Melanie’s Make-A-Wish experience also gave her the chance to perform a simulated surgery to remove a simulated patient’s gallstones.

“It takes small life experiences to inspire,” said Dr. Eric Hungness, professor of gastrointestinal surgery and medical education at Feinberg who led Melanie through the simulated surgery at Northwestern. “Obstacles are put in peoples’ way in life, and it’s a matter of how you respond to that. You can just tell that (Melanie’s family is) incredibly loving, thankful for the care they’ve received, and I know they want to pay that forward.”

Northwestern Simulation has provided a safe training environment for thousands of students and health care professionals since 2010.
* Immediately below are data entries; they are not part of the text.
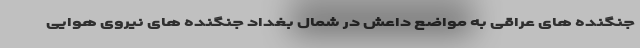
جنگنده های عراقی به مواضع داعش در شمال بغداد جنگنده های نیروی هوایی
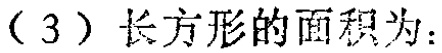
（3）长方形的面积为：
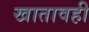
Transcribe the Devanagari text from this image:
खातावही
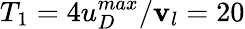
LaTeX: T_{1}=4u_{D}^{max}/\mathbf{v}_{l}=20
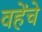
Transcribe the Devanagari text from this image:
वहेंचे
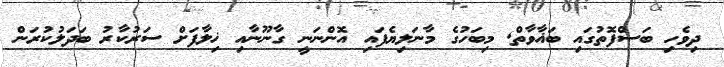
ދިވެހި ބަސްފޮތުގައި ބަޣާވާތް
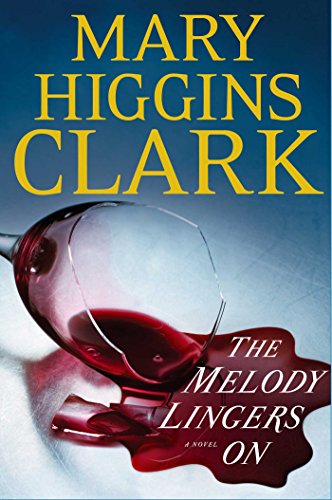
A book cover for The Melody Lingers On; Mary Higgins Clark; Mystery, Thriller & Suspense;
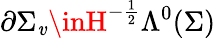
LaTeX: \partial\Sigma_{\mathit{v}}\inH^{-\frac{{1}}{{2}}}\Lambda^{0}(\Sigma)
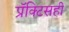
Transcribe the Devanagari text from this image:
प्रॅक्टिसही
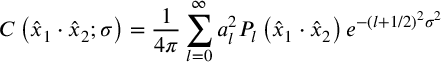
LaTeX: C \left( \hat { x } _ { 1 } \cdot \hat { x } _ { 2 } ; \sigma \right) = { \frac { 1 } { 4 \pi } } \sum _ { l = 0 } ^ { \infty } a _ { l } ^ { 2 } P _ { l } \left( \hat { x } _ { 1 } \cdot \hat { x } _ { 2 } \right) e ^ { - ( l + 1 / 2 ) ^ { 2 } \sigma ^ { 2 } }

“We often teach doctors and nurses how to do what they do in a lecture hall, but adults learn best when they’re actually doing,” said Feinberg professor of medicine and medical education Dr. Jeffrey Barsuk, who also serves as the executive medical director of Northwestern Simulation. “What a better way to learn than on a mannequin or a computer you can interact with using your hands? It’s completely safe, but it replicates what patient care would be like almost completely.”

The faculty expertise and access to the latest simulation technology has made Northwestern Simulation a nationally recognized leader in the field of simulation-based training.

“I heard stories about how Melanie would operate on stuffed animals and intubate them,” Barsuk said. “When I was Melanie’s age, I wanted to be a doctor, too, and there weren’t these neat simulators around that I could work on. Just to be able to help her have this experience, it made everyone have a light heart.”